Dataset START

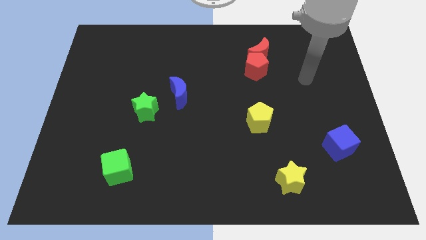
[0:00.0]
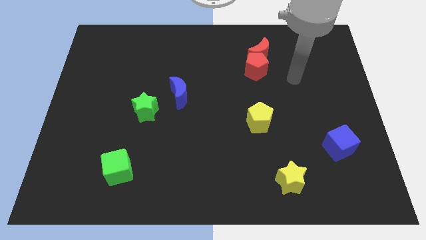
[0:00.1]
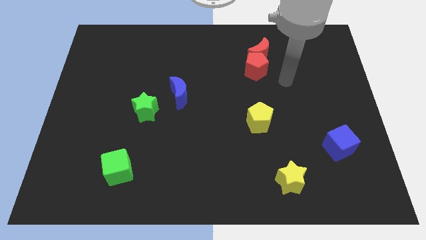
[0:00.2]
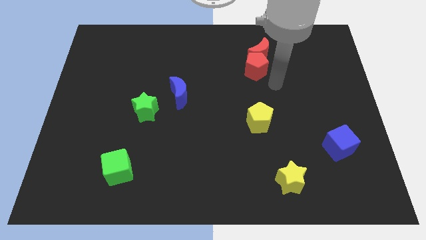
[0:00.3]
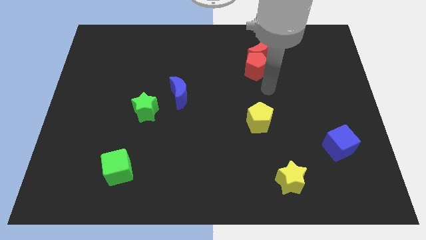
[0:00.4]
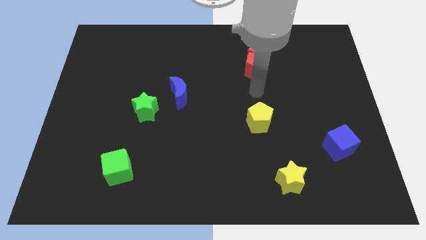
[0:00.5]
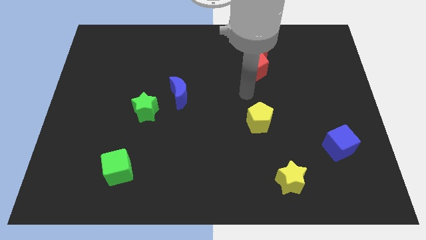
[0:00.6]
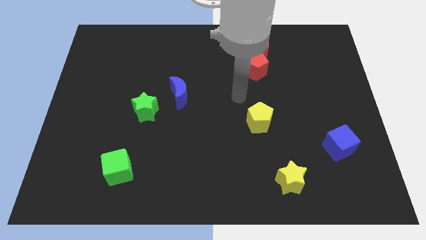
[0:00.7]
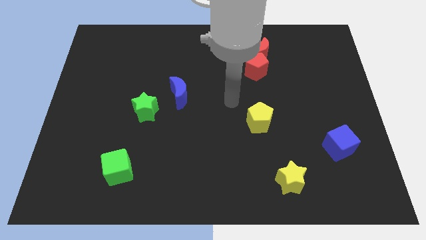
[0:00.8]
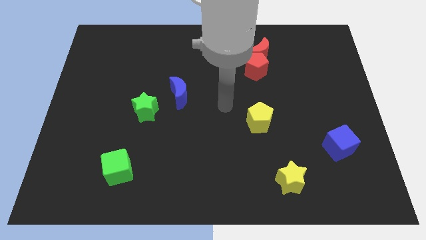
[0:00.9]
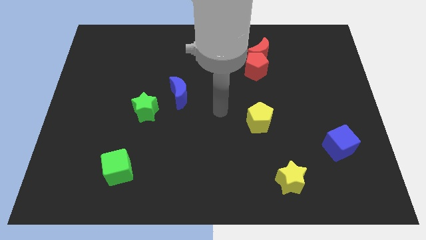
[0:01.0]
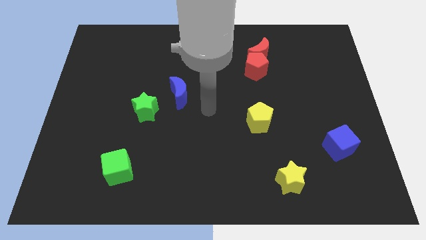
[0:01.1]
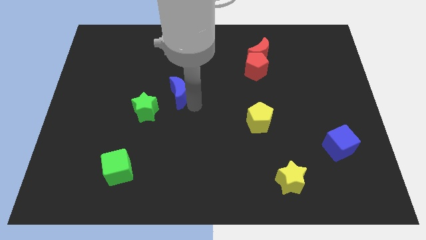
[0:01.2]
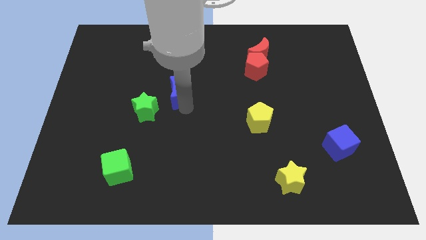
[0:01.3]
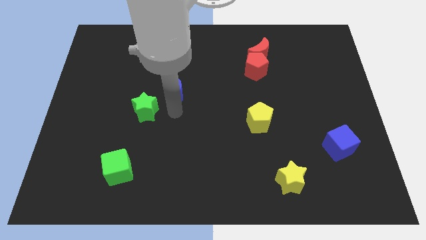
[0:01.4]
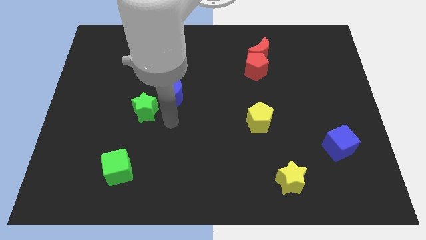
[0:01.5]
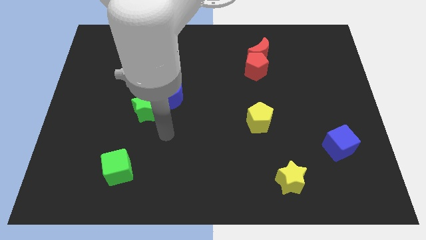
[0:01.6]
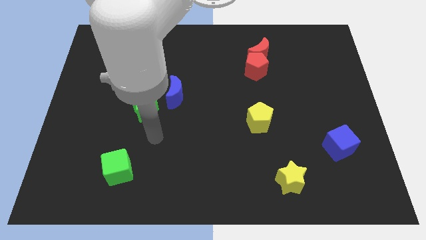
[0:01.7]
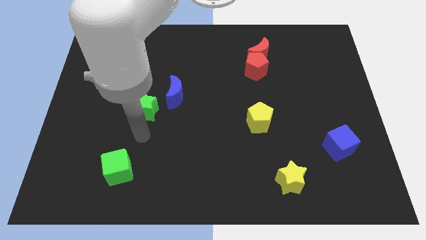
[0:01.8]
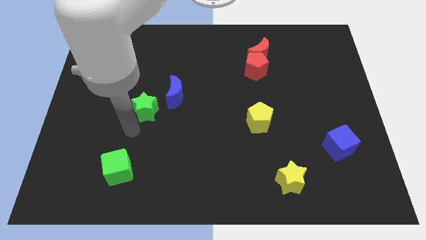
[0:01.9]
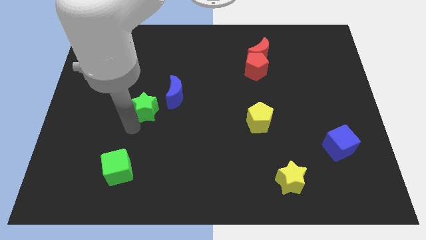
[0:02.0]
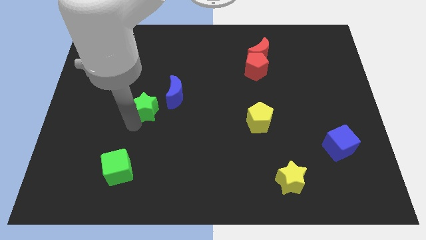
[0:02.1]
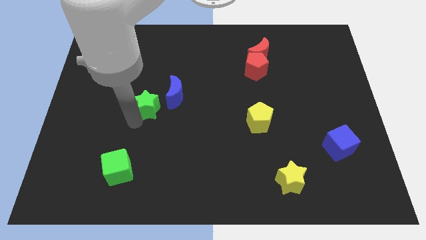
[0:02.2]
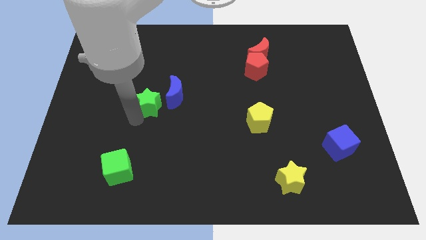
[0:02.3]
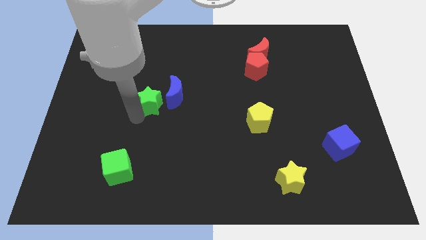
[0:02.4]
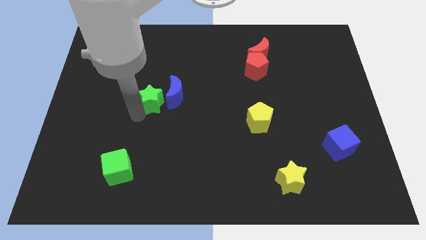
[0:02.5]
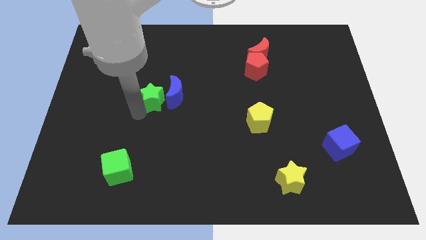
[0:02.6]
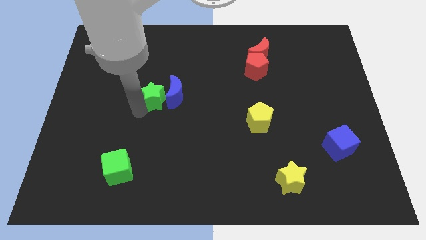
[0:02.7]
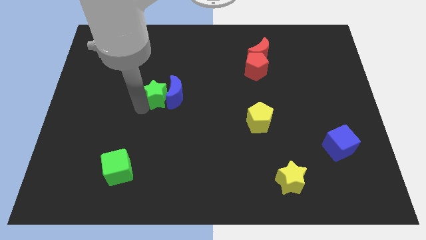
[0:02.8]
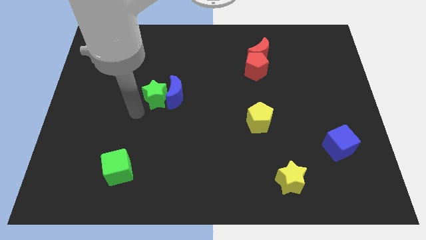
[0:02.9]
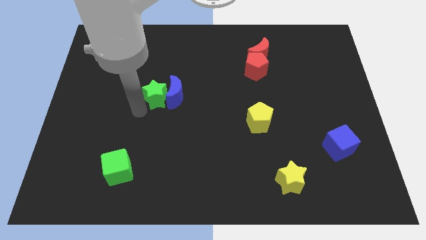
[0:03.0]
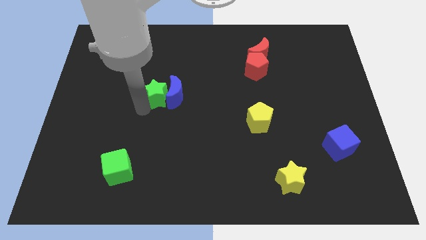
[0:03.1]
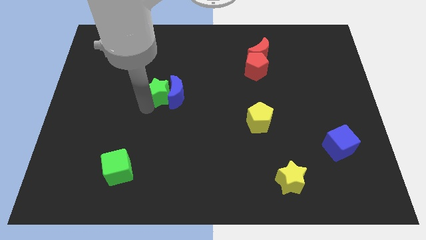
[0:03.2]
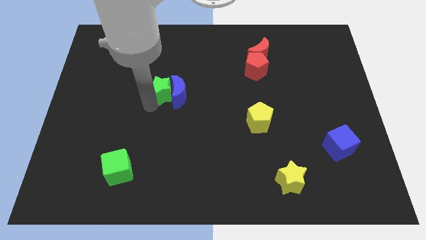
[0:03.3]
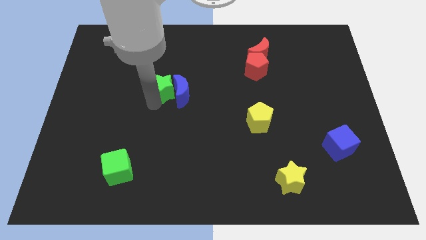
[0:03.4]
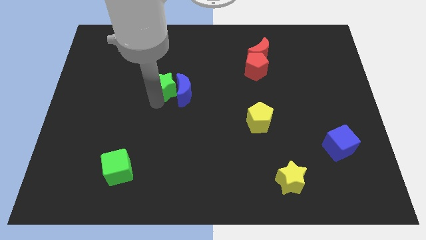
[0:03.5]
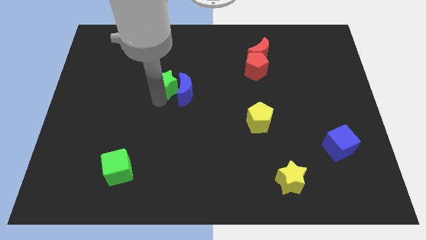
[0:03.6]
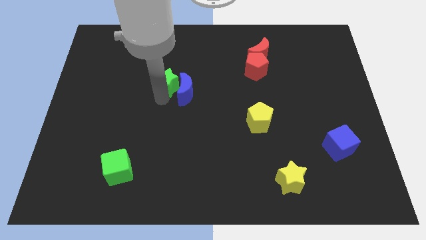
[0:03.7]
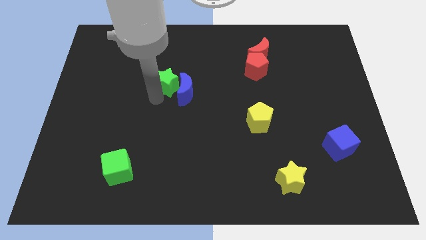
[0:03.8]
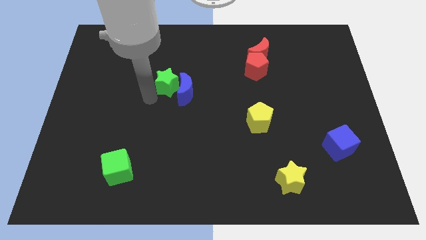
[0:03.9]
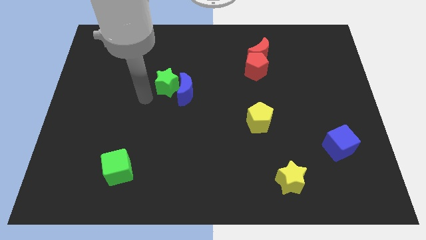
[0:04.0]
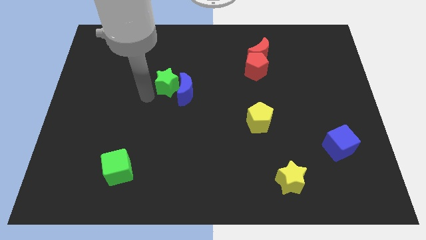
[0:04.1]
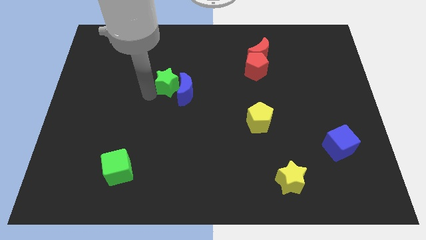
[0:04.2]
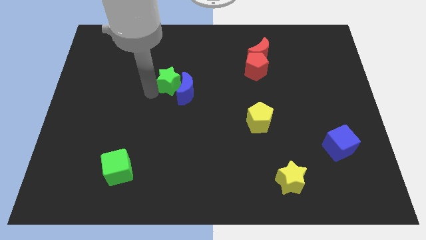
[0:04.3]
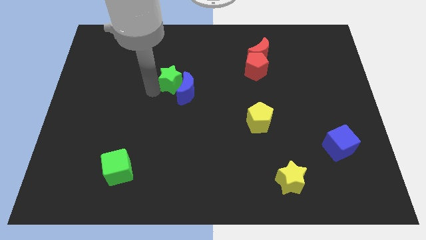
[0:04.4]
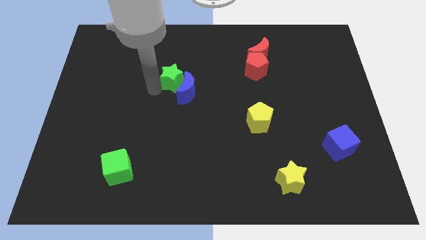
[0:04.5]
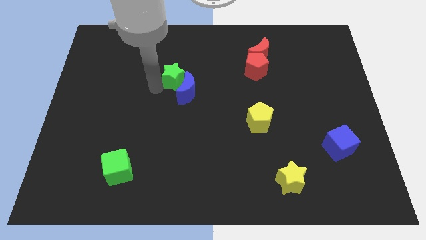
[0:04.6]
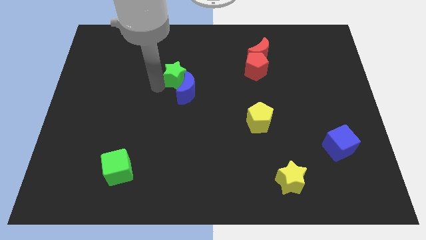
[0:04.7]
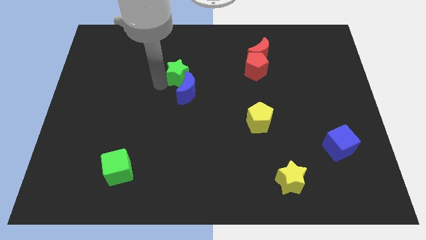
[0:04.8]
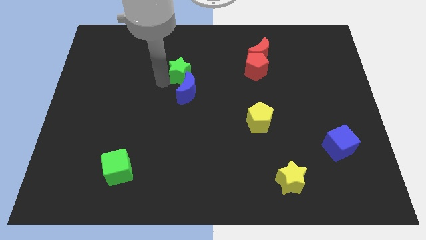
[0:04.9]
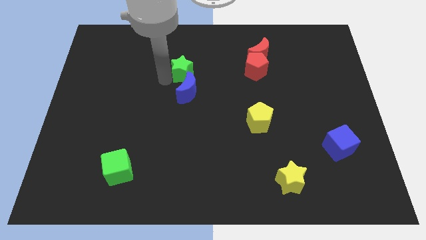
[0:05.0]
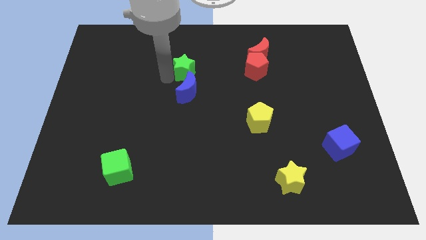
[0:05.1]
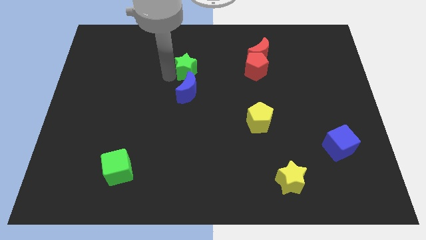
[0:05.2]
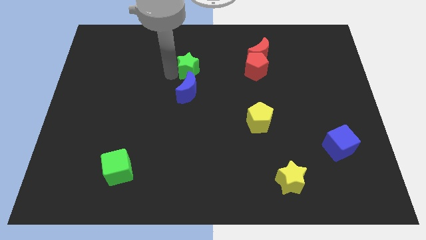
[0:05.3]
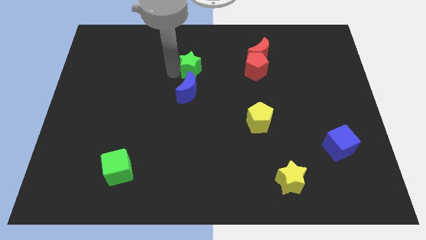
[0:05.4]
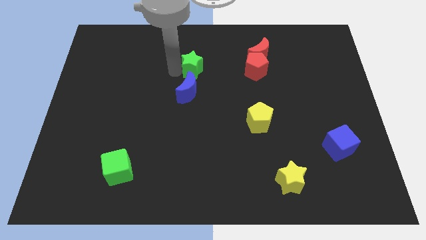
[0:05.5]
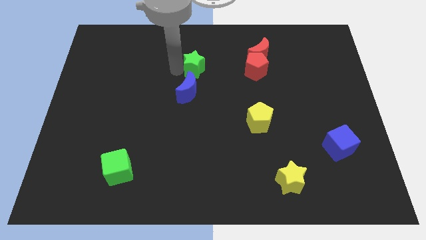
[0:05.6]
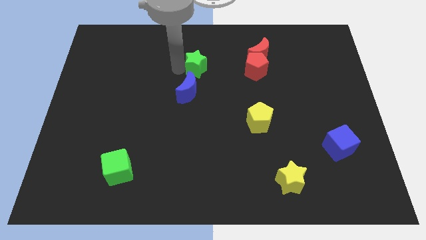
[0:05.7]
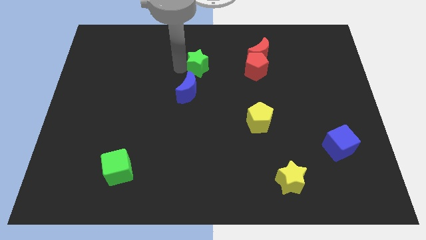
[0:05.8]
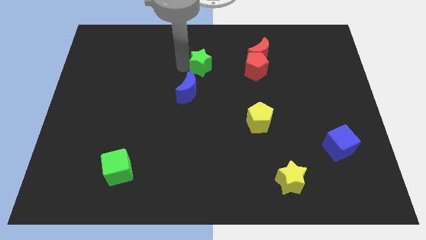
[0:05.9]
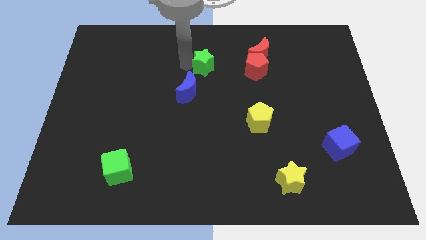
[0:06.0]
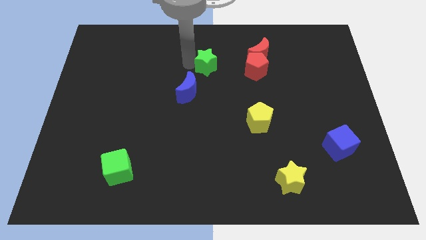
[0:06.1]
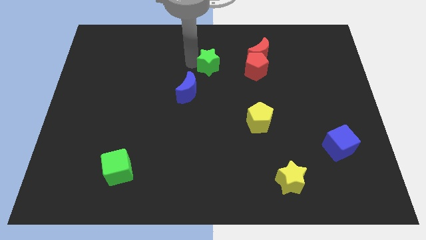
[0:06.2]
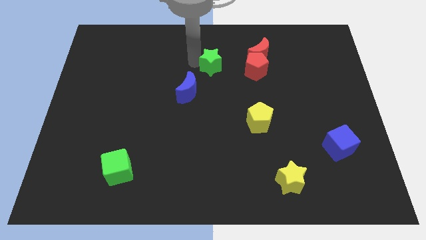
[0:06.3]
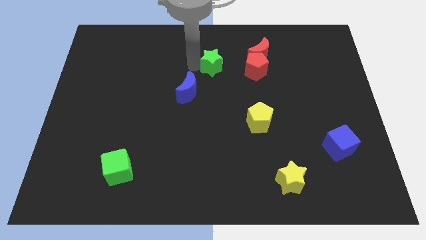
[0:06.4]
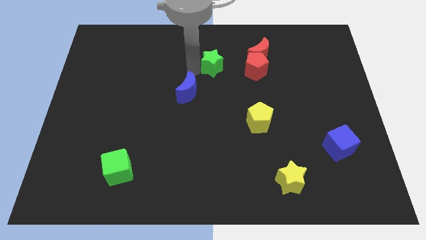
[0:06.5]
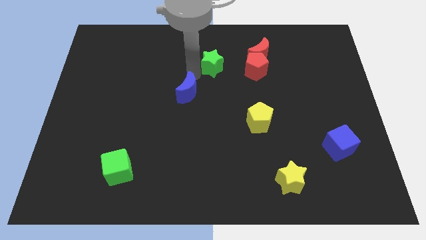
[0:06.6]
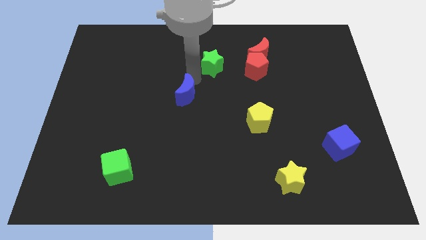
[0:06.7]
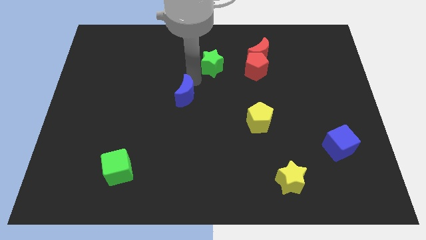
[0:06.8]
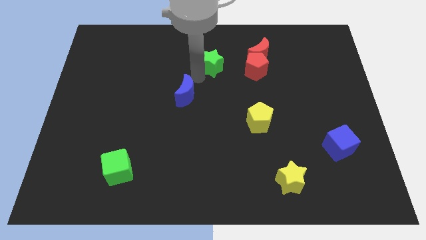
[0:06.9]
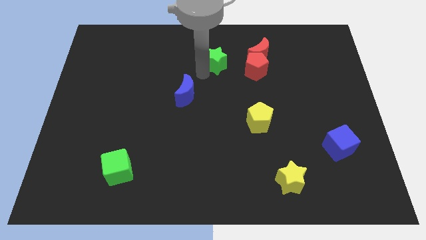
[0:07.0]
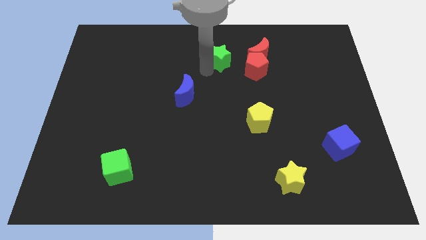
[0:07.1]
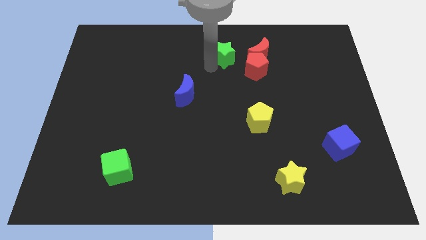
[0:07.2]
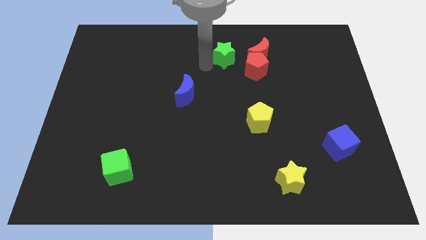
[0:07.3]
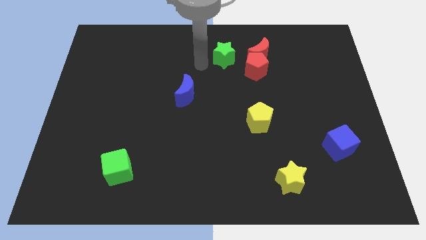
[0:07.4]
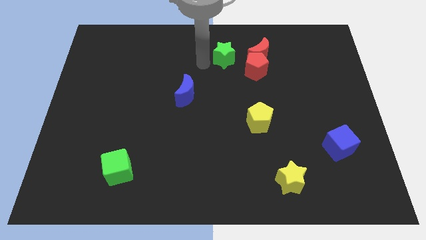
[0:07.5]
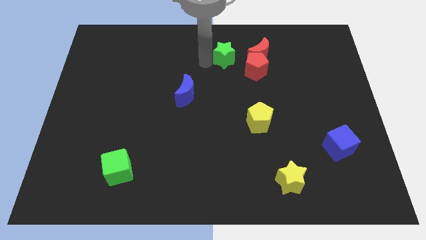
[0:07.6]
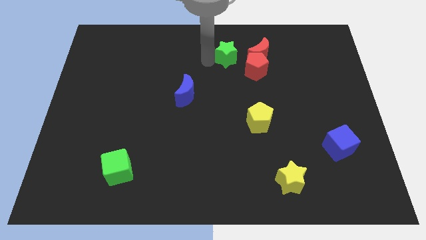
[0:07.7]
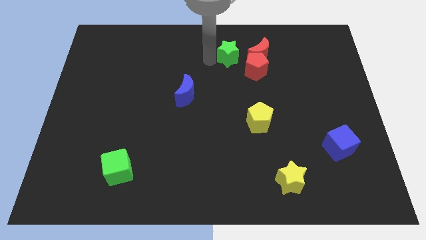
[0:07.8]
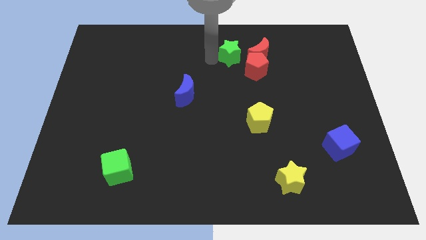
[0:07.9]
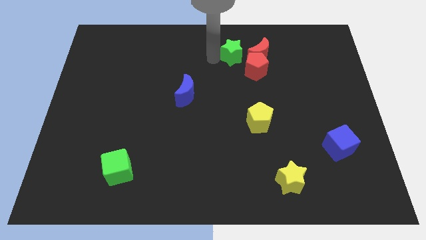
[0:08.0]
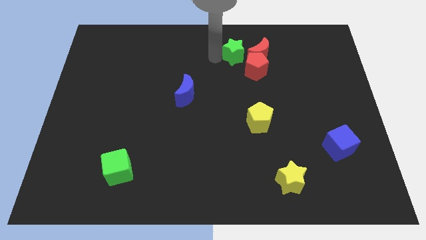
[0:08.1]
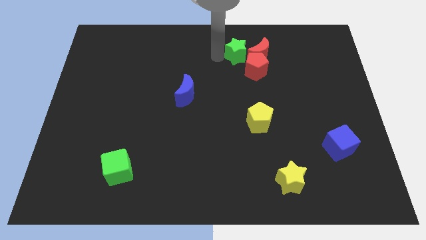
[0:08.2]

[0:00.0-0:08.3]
move the green star next to the red moon

Dataset END

Exact copy, no pictures: reproduce every record above.

[0:00.0]
[0:00.1]
[0:00.2]
[0:00.3]
[0:00.4]
[0:00.5]
[0:00.6]
[0:00.7]
[0:00.8]
[0:00.9]
[0:01.0]
[0:01.1]
[0:01.2]
[0:01.3]
[0:01.4]
[0:01.5]
[0:01.6]
[0:01.7]
[0:01.8]
[0:01.9]
[0:02.0]
[0:02.1]
[0:02.2]
[0:02.3]
[0:02.4]
[0:02.5]
[0:02.6]
[0:02.7]
[0:02.8]
[0:02.9]
[0:03.0]
[0:03.1]
[0:03.2]
[0:03.3]
[0:03.4]
[0:03.5]
[0:03.6]
[0:03.7]
[0:03.8]
[0:03.9]
[0:04.0]
[0:04.1]
[0:04.2]
[0:04.3]
[0:04.4]
[0:04.5]
[0:04.6]
[0:04.7]
[0:04.8]
[0:04.9]
[0:05.0]
[0:05.1]
[0:05.2]
[0:05.3]
[0:05.4]
[0:05.5]
[0:05.6]
[0:05.7]
[0:05.8]
[0:05.9]
[0:06.0]
[0:06.1]
[0:06.2]
[0:06.3]
[0:06.4]
[0:06.5]
[0:06.6]
[0:06.7]
[0:06.8]
[0:06.9]
[0:07.0]
[0:07.1]
[0:07.2]
[0:07.3]
[0:07.4]
[0:07.5]
[0:07.6]
[0:07.7]
[0:07.8]
[0:07.9]
[0:08.0]
[0:08.1]
[0:08.2]

[0:00.0-0:08.3]
move the green star next to the red moon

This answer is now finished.